大巨神の暴虐が渦巻く荒ぶる世界とはあまりに違う。喧騒はそこになく、ただ、悲しいばかりの静寂があった。
(また、ここか)
様々な構築物が散乱している。時間が止まっている。灰色の世界。
破壊された船。忘れられた城。一方でこの国の学校の教科書にも載っているようなシンボリックな遺跡。石像。石造りの時代から近代的な建築法に至るまでの建造物。そして、陸奥と出会ったから分かる、いわゆる「兵器」なんかも所々に見られる。
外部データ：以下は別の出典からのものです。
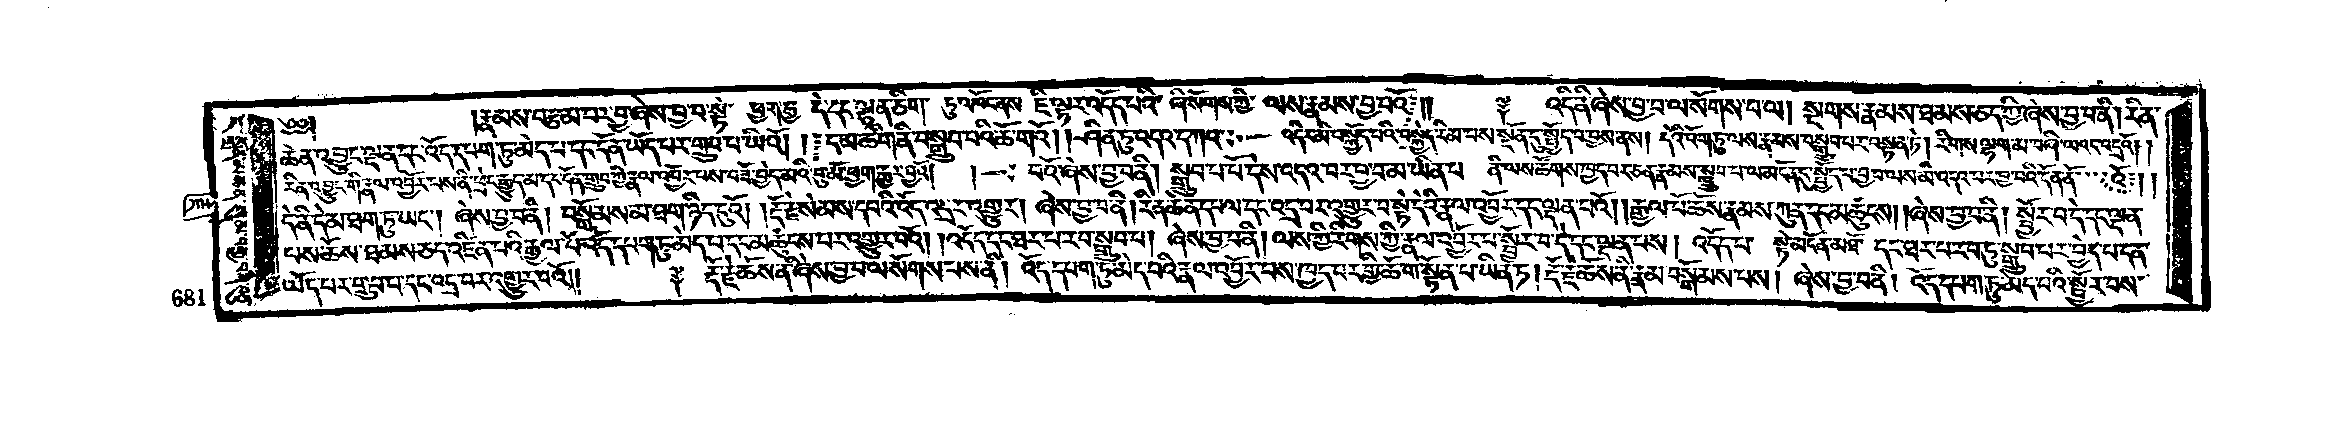༄༅། །རྣམས་བརྩམ་པར་བྱ་ཞེས་བྱ་བ་སྟེ། ཕྱག་རྒྱ་དེ་དང་ལྷན་ཅིག་ཏུ་འཁོང་ནས་ཇི་ལྟར་འདོད་པའི་ཞི་སོགས་ཀྱི་ལས་རྣམས་བྱ་བའོ།། ༈ འདི་ནི་ཞེས་བྱ་བ་ལ་སོགས་པ་ལ། སྔགས་རྣམས་ཐམས་ཅད་ཀྱི་ཞེས་བྱ་བ་ནི། རིན་
ཆེན་འབྱུང་ལྡན་དང་འོད་དཔག་ཏུ་མེད་པ་དང་དོན་ཡོད་པར་གྲུབ་པ་ཡིའོ། །དམ་ཚིག་ནི་བསྒྲུབ་པའི་ཆོ་གའོ། །ཤིན་ཏུ་འདའ་དཀའ་H.་འདིར་མི་བསྐྱོད་པའི་བསྐྱེད་རིམ་པས་སྔོན་དུ་སྤྱོད་པ་བྱས་ནས། དེའི་འོག་ཏུ་ལས་རྣམས་བསྒྲུབ་པར་བསྟན་ཏེ། རིགས་ལྷག་མ་བཞི་ལའང་འདྲའོ།།
རིན་འབྱུང་གི་རྣལ་འབྱོར་པས་ནི་ཕྲེང་རྒྱུད་མ་དང་དོན་གྲུབ་ཀྱི་རྣལ་འབྱོར་པས་བཟོ་བྱེད་མའི་བུ་མོ་ཕྱག་རྒྱར་བྱའོ། །.H བའོ་ཞེས་བྱ་བ་ནི། སྒྲུབ་པ་པོ་དེས་འདའ་བར་བྱ་བ་མ་ཡིན་པ་ནི་ལས་ཚོགས་ཁྱད་པར་ཅན་རྣམས་སྒྲུབ་པ་ལ་མངོན་དུ་སྤྱོད་པ་བྱ་བ་ལས་མི་འདའ་བར་བྱ་བའི་དོན་ནོའོ། །
དེ་ནི་དེ་མ་ཐག་ཏུ་ཡང་། ཞེས་བྱ་བ་ནི། བསྒོམས་མ་ཐག་ཉིད་དུའོ། །རྡོ་རྗེ་སེམས་དཔའི་འོད་འདྲར་འགྱུར། ཞེས་བྱ་བ་ནི། རིན་ཆེན་དཔལ་དང་འདྲ་བར་འགྱུར་བ་སྟེ་དེའི་རྣལ་འབྱོར་དང་ལྡན་པའོ། །རྒྱལ་པོ་ཆོས་རྣམས་ཀུན་དང་མཚུངས། ཞེས་བྱ་བ་ནི། སྦྱོར་བ་དེ་དང་ལྡན་
པས་ཆོས་ཐམས་ཅད་འཛིན་པའི་རྒྱལ་པོ་འོད་དཔག་ཏུ་མེད་པ་དང་མཚུངས་པར་འགྱུར་བའོ། །འདོད་དང་ཐར་པ་རབ་སྒྲུབ་པ། ཞེས་བྱ་བ་ནི། ལས་ཀྱི་རིགས་ཀྱི་རྣལ་འབྱོར་པ་སྦྱོར་བ་དེ་དང་ལྡན་པས། འདོད་པ་སྟེ་མངོན་མཐོ་དང་ཐར་པ་རབ་ཏུ་སྒྲུབ་པར་བྱེད་པ་དོན་
ཡོད་པར་གྲུབ་པ་དང་འདྲ་བར་འགྱུར་བའོ།། ༈ རྡོ་རྗེ་ཆོས་ནི་ཞེས་བྱ་བ་ལ་སོགས་པས་ནི། འོད་དཔག་ཏུ་མེད་པའི་རྣལ་འབྱོར་པས་ཁྱད་པར་གྱི་ཆོ་ག་སྟོན་པ་ཡིན་ཏེ། རྡོ་རྗེ་ཆོས་ནི་རྣམ་བསྒོམས་པས། ཞེས་བྱ་བ་ནི། འོད་དཔག་ཏུ་མེད་པའི་སྦྱོར་བས་

それらを一言で形容するならば、やはり「構築物」だ。この場所には、あらゆる「構築物」が、過去や現在の時間・東西の空間を問わず、多様なまま、その光を失い、散乱している。
「右手に橋を。左手に塔を。胸には
背後から妖艶な声がしたので振り向くと、そこにはまたあの少女が佇んでいた。今度は傘をさしている。気が付けば、今回のこの空間は雨が降っている。
紫の髪を長く伸ばして、サラファンと呼ばれるロシアの民族衣装を纏い、目を細めてジョーを見つめている。
「ここは『構築物の歴史図書館』。図書館だから、彼の世界のあなたに、一番必要とするものを、貸し出しましてよ」
複雑だが、どこか調和している刺繍が施された傘をさした、紫の髪の少女は、優し気にそう語りかけてくる。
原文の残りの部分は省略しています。